The rating agency knocked Serbia down one notch to BB-, citing in part a push by the coalition government to tighten its grip on the central bank in defiance of warnings from the European Union and International Monetary Fund.
It also put the country on negative outlook because of deteriorating fiscal and external deficits and the bank row. The dinar fell to a record low against the euro of 119.45, prompting the bank to intervene with the sale of 15 million euros.
The bank has sold over 1.3 billion euros this year in defence of the battered dinar. The currency crawled back to 118.75 by close of business.
The sense of crisis was compounded by more resignations at the central bank following those over the past week of governor Dejan Soskic and vice-governor Bojan Markovic.
Three out of five ordinary members of the bank’s Council of Governors, including Council President Bosko Zivkovic, stood down, accusing the government of a “serious violation” of the principle of central bank independence.
Soskic, the governor, was replaced on Monday by Jorgovanka Tabakovic, an economist and lawmaker from the ruling coalition. There was no word on when replacements would be named for the officials who had resigned, with the bank facing a scheduled decision on its benchmark rate on Thursday.
Standard and Poor’s cited a risk of interference in monetary policy, cut Serbia’s credit rating and warned of worse to come.
“The negative outlook reflects our view that Serbia’s twin fiscal and external deficits could create greater vulnerabilities, complicated by institutional interference and financial spillovers from the euro zone,” the agency said.
The battle over the bank will only fuel doubts in the West over the new government’s commitment to the largely reformist, pro-EU path taken by Serbia with the fall of late leader Slobodan Milosevic 12 years ago.
Shrugging off a warning from the EU that it risked taking a “step back” in its membership bid, the coalition has pushed through legislation creating a powerful, parliament-appointed supervisory body represented on the bank’s executive board and giving parliament the job of appointing the entire top team.
The government is an alliance of socialists and nationalists who last held power together at the tail end of Milosevic’s 13-year rule, when Serbia was mired in war and hyperinflation.
Socialist Prime Minister Ivica Dacic, Milosevic’s wartime spokesman, has promised expansive fiscal policy to counter two quarters of economic contraction this year, and says the central bank should play along.
Finance Minister Mladjan Dinkic said the ratings cut was to be expected, and blamed the previous Democrat-led government.
The dispute echoes a recent clash between the EU and Serbian neighbour Hungary over the independence of its central bank.
“In terms of structure, the act (in Serbia) is far more aggressive than anything that even happened in Hungary,” said Nomura economist Peter Attard Montalto.

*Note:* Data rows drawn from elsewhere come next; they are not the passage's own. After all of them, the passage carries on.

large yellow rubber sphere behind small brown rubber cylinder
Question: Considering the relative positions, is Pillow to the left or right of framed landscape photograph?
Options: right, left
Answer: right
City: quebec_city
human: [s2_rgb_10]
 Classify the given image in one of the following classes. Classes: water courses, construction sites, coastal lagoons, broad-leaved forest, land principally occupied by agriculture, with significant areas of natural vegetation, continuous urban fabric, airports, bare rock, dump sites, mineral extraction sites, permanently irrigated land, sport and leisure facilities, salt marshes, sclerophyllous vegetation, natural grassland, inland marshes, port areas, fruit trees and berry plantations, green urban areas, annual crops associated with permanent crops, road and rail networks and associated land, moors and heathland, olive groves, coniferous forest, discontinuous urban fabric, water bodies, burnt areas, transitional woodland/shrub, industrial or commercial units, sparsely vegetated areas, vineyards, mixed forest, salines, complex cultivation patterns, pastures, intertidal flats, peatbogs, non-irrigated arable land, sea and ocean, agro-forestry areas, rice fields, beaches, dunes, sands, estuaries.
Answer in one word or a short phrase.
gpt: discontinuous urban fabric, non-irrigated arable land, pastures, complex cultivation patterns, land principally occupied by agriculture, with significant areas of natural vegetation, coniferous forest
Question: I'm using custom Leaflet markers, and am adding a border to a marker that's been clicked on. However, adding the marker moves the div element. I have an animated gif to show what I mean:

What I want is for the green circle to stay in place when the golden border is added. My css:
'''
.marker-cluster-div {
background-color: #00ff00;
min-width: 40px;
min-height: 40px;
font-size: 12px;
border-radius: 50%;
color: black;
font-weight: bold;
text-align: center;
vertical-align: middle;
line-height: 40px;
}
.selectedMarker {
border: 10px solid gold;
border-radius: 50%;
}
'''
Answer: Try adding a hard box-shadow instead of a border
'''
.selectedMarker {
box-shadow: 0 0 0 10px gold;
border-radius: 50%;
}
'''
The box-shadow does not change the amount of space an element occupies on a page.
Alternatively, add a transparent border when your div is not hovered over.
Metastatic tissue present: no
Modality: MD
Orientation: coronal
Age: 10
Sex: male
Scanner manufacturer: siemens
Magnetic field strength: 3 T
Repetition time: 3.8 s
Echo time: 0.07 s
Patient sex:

“The key worry is that they’ve (the bank) lost a lot of talent,” he said. “And that’s a key worry that the rating agencies picked up on -- losing the ability for them to respond to vulnerabilities given what they (S&P) call institutional interference.”

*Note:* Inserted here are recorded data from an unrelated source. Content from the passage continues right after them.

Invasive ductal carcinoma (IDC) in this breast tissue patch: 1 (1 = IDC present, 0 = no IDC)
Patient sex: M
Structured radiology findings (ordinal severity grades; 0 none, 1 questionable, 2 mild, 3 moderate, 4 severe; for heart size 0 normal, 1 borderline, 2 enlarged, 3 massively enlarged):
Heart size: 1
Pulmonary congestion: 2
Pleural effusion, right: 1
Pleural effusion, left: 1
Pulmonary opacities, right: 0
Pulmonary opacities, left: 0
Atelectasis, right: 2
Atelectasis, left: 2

Former governor Soskic stuck to a restrictive monetary policy despite an increasingly bleak economic outlook, raising the bank’s benchmark rate over the past two months to 10.25 percent, the highest in central and eastern Europe.

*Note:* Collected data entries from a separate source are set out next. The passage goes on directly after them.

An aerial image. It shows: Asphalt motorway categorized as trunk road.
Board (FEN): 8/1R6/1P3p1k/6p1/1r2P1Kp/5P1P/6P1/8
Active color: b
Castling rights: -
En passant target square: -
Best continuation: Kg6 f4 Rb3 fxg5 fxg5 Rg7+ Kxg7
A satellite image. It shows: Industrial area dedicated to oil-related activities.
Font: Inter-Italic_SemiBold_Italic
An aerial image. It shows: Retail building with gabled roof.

The budget deficit stands at over 7 percent of output but of more concern is public debt that is almost 55 percent of GDP, far higher than levels recommended by the IMF in the past for similar emerging economies.
That adds to the case for keeping rates relatively tight.
“I wouldn’t see (the central bank) making any decision, but this will be more of a get-together,” Martin Stelzeneder, Raiffeisen analyst in Vienna, said of Thursday’s rates meeting.
“The dinar will be under pressure due to the political situation,” he said.
Analysts say a revival of IMF funding will be crucial to stabilising the dinar, which has hit a series of record lows against the euro in the wake of an inconclusive May election.
But the IMF warned last week that the new central bank saga would have consequences for a frozen 1 billion euro (791.92 million pounds) standby deal.
Finance Ministry tax adviser Milica Bisic said Serbia was unlikely to get its debt down quickly enough to revive the current IMF deal. Instead, it would seek to negotiate a new arrangement toward the end of the year.
Bisic, in an interview with the Wednesday edition of Serbian weekly NIN, said that to bring down the “enormous deficit” the government was considering raising value added tax from 18 percent to 20 and capital gains tax from 10 percent to 15.